* _WHAT IS BEING ASKED_
Would you retype exactly the lines from the one holding "se eu não validasse" through the last line of the listing, and only those, without pictures?

* _GIVEN DATA_
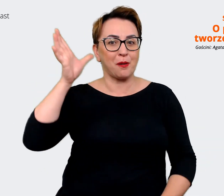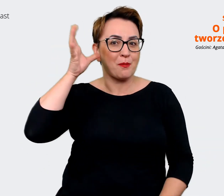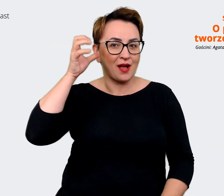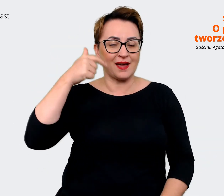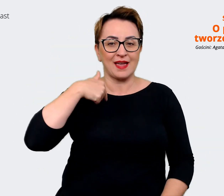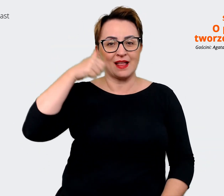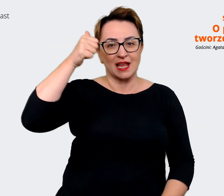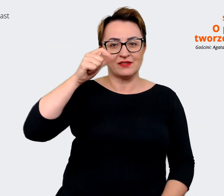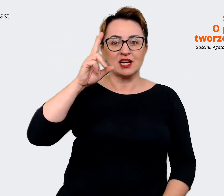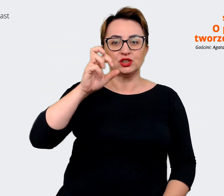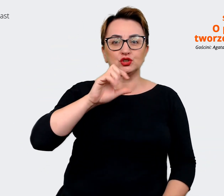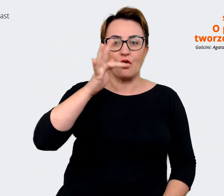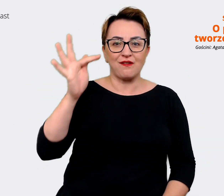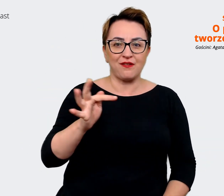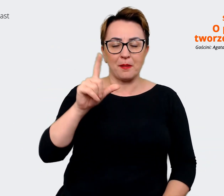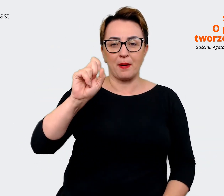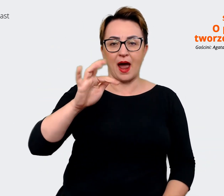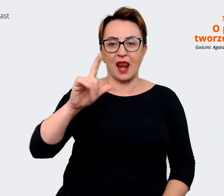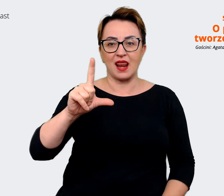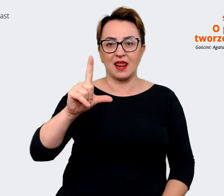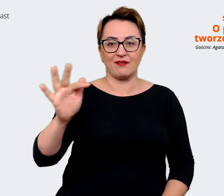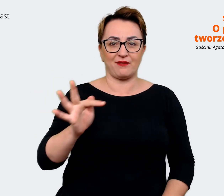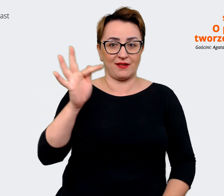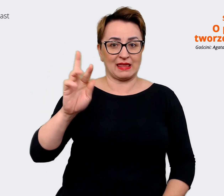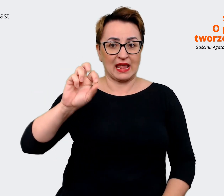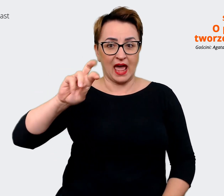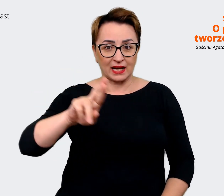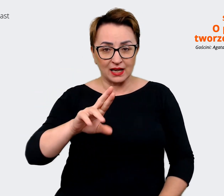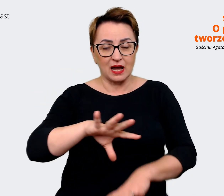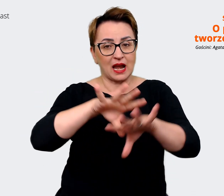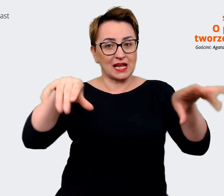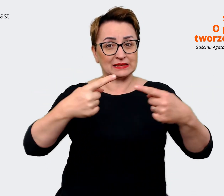Krzysztof Palfner i wspólnie z naszym zespołem porozmawiamy o tym, dlaczego dobrze tu być.
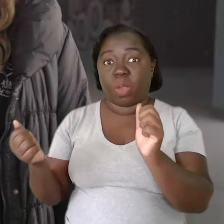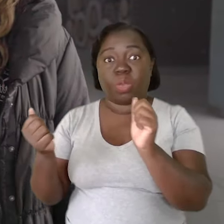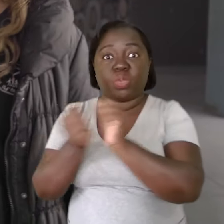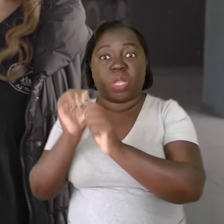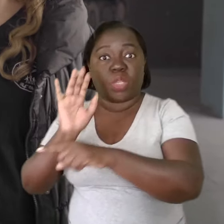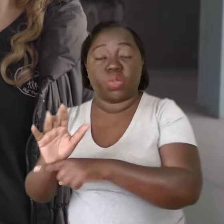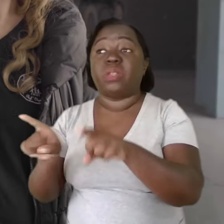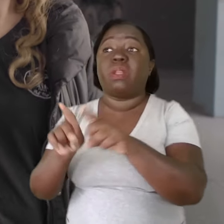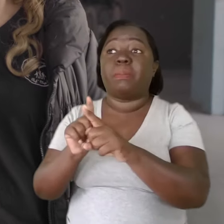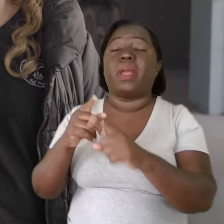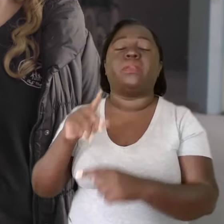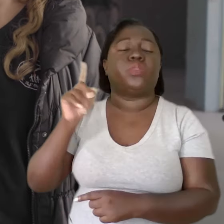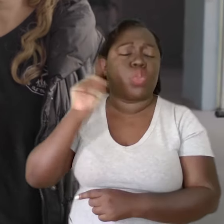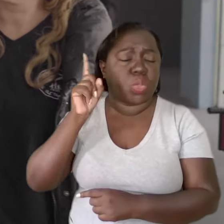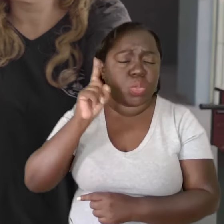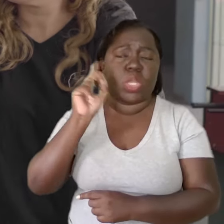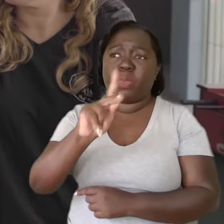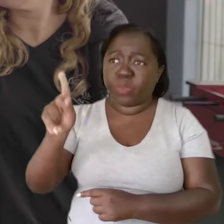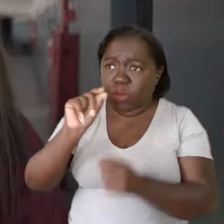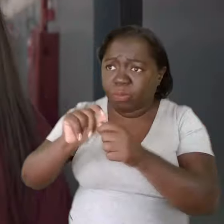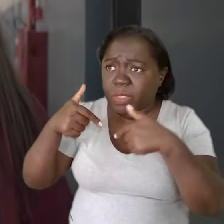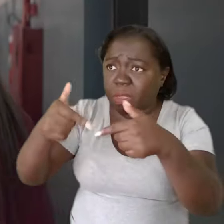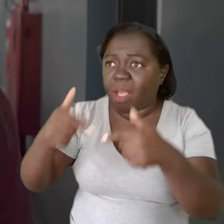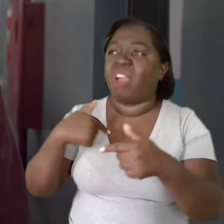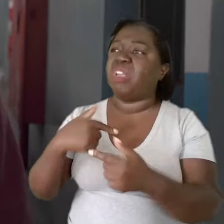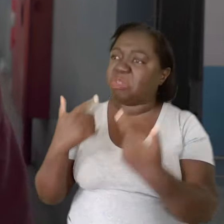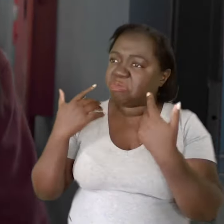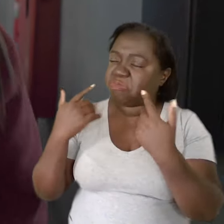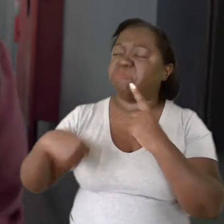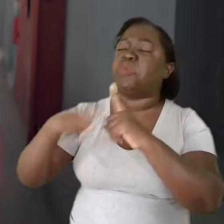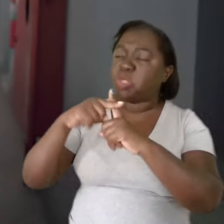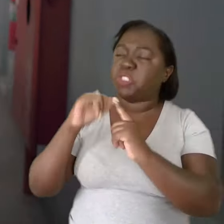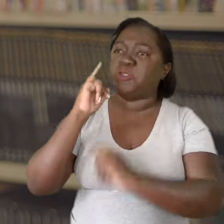se eu não validasse diariamente as ações dos meus professores,
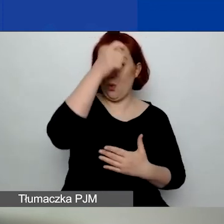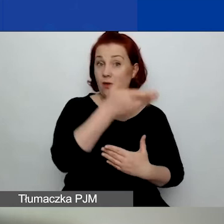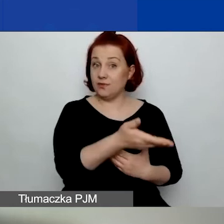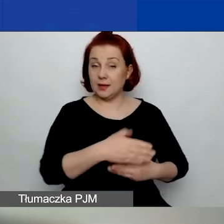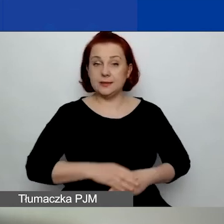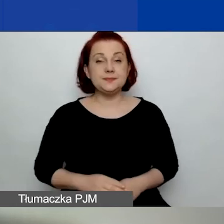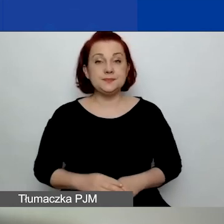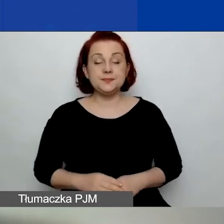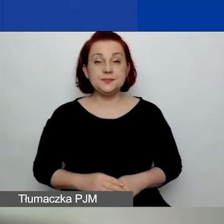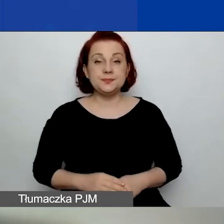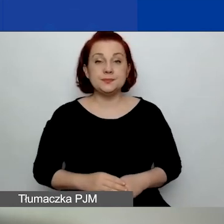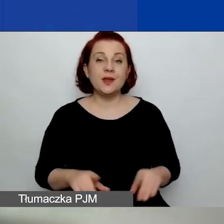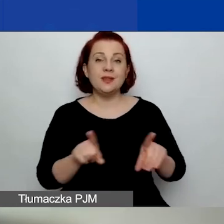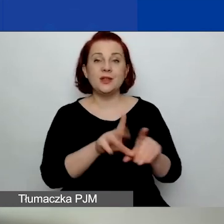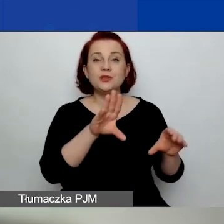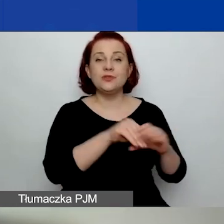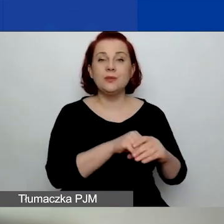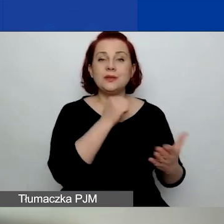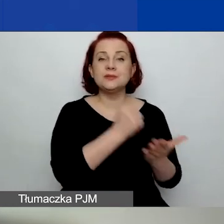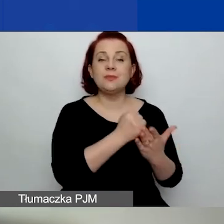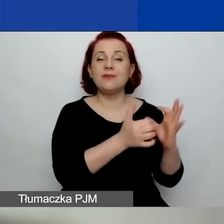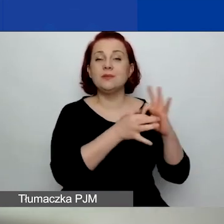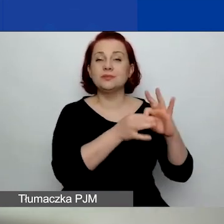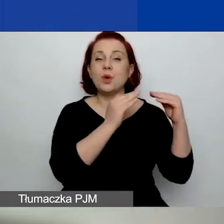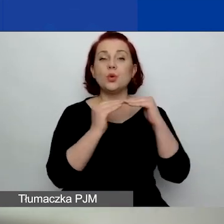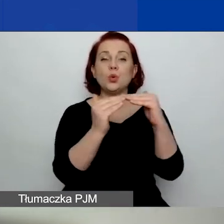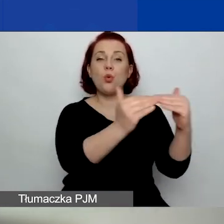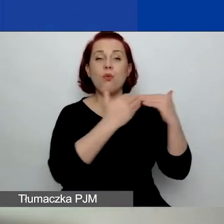w tym kwestie związane z równością płci.

* _EXPECTED OUTPUT_
se eu não validasse diariamente as ações dos meus professores,
w tym kwestie związane z równością płci.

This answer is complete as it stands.